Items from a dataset
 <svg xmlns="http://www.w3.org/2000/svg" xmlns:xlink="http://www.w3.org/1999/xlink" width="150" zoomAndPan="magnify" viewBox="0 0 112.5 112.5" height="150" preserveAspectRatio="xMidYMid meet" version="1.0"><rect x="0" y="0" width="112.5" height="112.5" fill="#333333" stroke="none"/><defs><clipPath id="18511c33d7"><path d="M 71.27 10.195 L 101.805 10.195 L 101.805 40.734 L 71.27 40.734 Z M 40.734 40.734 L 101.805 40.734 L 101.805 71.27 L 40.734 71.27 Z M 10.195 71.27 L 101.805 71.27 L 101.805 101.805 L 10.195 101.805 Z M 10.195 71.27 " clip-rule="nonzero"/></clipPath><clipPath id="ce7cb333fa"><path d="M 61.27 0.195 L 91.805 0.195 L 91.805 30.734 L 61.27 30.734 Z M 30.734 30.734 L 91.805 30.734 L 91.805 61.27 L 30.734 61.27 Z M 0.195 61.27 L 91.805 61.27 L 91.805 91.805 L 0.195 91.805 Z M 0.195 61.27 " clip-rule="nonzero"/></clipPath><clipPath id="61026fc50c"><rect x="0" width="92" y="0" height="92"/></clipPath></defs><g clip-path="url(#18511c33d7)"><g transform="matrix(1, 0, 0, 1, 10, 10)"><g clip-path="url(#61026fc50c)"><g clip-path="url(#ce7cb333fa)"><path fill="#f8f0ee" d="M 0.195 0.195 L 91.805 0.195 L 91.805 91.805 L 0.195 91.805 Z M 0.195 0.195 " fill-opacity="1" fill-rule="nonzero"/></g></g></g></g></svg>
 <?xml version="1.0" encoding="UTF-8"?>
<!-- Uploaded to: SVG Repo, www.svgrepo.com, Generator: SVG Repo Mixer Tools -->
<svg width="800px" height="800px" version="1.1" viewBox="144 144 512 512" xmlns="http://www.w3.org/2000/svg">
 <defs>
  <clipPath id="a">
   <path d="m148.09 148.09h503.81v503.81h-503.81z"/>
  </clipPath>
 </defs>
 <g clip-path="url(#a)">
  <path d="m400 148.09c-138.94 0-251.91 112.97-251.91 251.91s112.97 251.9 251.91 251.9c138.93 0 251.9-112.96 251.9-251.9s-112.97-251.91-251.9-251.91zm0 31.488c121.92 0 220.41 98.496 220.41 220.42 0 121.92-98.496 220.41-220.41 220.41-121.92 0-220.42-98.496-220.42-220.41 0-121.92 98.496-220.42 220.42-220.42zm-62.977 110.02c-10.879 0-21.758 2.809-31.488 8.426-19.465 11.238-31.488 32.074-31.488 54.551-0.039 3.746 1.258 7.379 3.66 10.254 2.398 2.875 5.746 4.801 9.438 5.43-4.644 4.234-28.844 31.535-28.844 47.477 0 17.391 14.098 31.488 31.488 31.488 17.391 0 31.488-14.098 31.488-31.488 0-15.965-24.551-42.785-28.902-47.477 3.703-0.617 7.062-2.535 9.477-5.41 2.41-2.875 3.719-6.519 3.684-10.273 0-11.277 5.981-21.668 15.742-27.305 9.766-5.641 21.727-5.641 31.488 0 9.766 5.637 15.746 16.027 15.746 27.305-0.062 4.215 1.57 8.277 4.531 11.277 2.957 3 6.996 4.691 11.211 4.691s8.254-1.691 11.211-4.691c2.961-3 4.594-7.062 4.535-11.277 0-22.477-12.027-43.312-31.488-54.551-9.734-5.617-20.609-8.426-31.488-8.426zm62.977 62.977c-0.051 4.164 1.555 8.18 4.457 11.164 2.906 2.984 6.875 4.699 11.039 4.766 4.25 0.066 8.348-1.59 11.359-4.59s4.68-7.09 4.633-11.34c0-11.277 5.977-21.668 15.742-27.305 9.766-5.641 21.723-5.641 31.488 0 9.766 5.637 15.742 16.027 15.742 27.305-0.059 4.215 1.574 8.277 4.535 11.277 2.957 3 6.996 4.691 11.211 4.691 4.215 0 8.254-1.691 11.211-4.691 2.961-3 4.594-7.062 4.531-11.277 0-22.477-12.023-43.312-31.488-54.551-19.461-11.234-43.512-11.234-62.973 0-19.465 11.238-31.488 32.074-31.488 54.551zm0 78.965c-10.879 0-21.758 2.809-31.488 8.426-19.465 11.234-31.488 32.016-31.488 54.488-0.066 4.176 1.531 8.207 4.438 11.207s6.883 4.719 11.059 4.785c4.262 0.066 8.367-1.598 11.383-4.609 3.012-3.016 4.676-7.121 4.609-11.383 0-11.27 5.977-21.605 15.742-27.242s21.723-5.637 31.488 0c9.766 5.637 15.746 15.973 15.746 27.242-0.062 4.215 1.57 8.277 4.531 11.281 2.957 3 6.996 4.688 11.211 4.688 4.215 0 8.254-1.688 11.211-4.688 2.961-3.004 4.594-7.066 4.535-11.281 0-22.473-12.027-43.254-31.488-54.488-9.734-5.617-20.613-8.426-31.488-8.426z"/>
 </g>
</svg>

EXERCISE REQUIREMENTS: I need each line of the entries that holds the string "viewBox" located and copied.

RESPONSE BELOW:
 <svg xmlns="http://www.w3.org/2000/svg" xmlns:xlink="http://www.w3.org/1999/xlink" width="150" zoomAndPan="magnify" viewBox="0 0 112.5 112.5" height="150" preserveAspectRatio="xMidYMid meet" version="1.0"><rect x="0" y="0" width="112.5" height="112.5" fill="#333333" stroke="none"/><defs><clipPath id="18511c33d7"><path d="M 71.27 10.195 L 101.805 10.195 L 101.805 40.734 L 71.27 40.734 Z M 40.734 40.734 L 101.805 40.734 L 101.805 71.27 L 40.734 71.27 Z M 10.195 71.27 L 101.805 71.27 L 101.805 101.805 L 10.195 101.805 Z M 10.195 71.27 " clip-rule="nonzero"/></clipPath><clipPath id="ce7cb333fa"><path d="M 61.27 0.195 L 91.805 0.195 L 91.805 30.734 L 61.27 30.734 Z M 30.734 30.734 L 91.805 30.734 L 91.805 61.27 L 30.734 61.27 Z M 0.195 61.27 L 91.805 61.27 L 91.805 91.805 L 0.195 91.805 Z M 0.195 61.27 " clip-rule="nonzero"/></clipPath><clipPath id="61026fc50c"><rect x="0" width="92" y="0" height="92"/></clipPath></defs><g clip-path="url(#18511c33d7)"><g transform="matrix(1, 0, 0, 1, 10, 10)"><g clip-path="url(#61026fc50c)"><g clip-path="url(#ce7cb333fa)"><path fill="#f8f0ee" d="M 0.195 0.195 L 91.805 0.195 L 91.805 91.805 L 0.195 91.805 Z M 0.195 0.195 " fill-opacity="1" fill-rule="nonzero"/></g></g></g></g></svg>
<svg width="800px" height="800px" version="1.1" viewBox="144 144 512 512" xmlns="http://www.w3.org/2000/svg">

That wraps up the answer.